1,neg,some talented actresses are blessed with a dem...


In [42]:
X = data.iloc[:, 1].values
y = data.iloc[:, 0].values

#### 4.1 Encoding the target values into binary using LabelEncoder:

In [47]:
encoder = LabelEncoder()
encoder

In [48]:
y = encoder.fit_transform(y)

#### 4.2 Splitting the data into training and testing data:

In [50]:
X_train, X_test, y_train, y_test = train_test_split(X, y, test_size=0.3, random_state=42)

#### 4.3 Build a Pipeline:

##### Logistic Regression:

In [54]:
pipe_one = Pipeline([('tf_idf_vect', TfidfVectorizer()),
                    ('log_reg', LogisticRegression())])

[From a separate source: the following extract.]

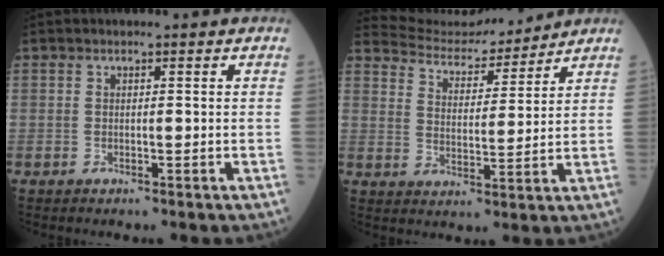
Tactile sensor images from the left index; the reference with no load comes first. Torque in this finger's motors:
{"motor_torque": [0.43, -1.71, -0.01, 0.00]}

pipe_one.fit(X_train, y_train)

In [59]:
pred = pipe_one.predict(X_test)

In [61]:
print(f"Confusion Matrix:\n{metrics.confusion_matrix(y_test, pred)}")

Confusion Matrix:
[[233  49]
 [ 51 249]]


In [63]:
print(f"Training: {pipe_one.score(X_train, y_train) * 100:.2f}%")
print(f"Testing: {pipe_one.score(X_test, y_test) * 100:.2f}%")

Training: 96.46%
Testing: 82.82%


It seems the model is **Overfitting** here.

##### SVC:

In [64]:
pipe_two = Pipeline([('tf_idf_vect', TfidfVectorizer()),
                    ('svc', LinearSVC())])


pipe_two.fit(X_train, y_train)

In [65]:
pred = pipe_two.predict(X_test)

In [66]:
print(f"Confusion Matrix:\n{metrics.confusion_matrix(y_test, pred)}")

Confusion Matrix:
[[235  47]
 [ 41 259]]


In [67]:
print(f"Training: {pipe_two.score(X_train, y_train) * 100:.2f}%")
print(f"Testing: {pipe_two.score(X_test, y_test) * 100:.2f}%")

Training: 100.00%
Testing: 84.88%


Compared to Logistic Regression, Linear SVC seems to be even more overfitting.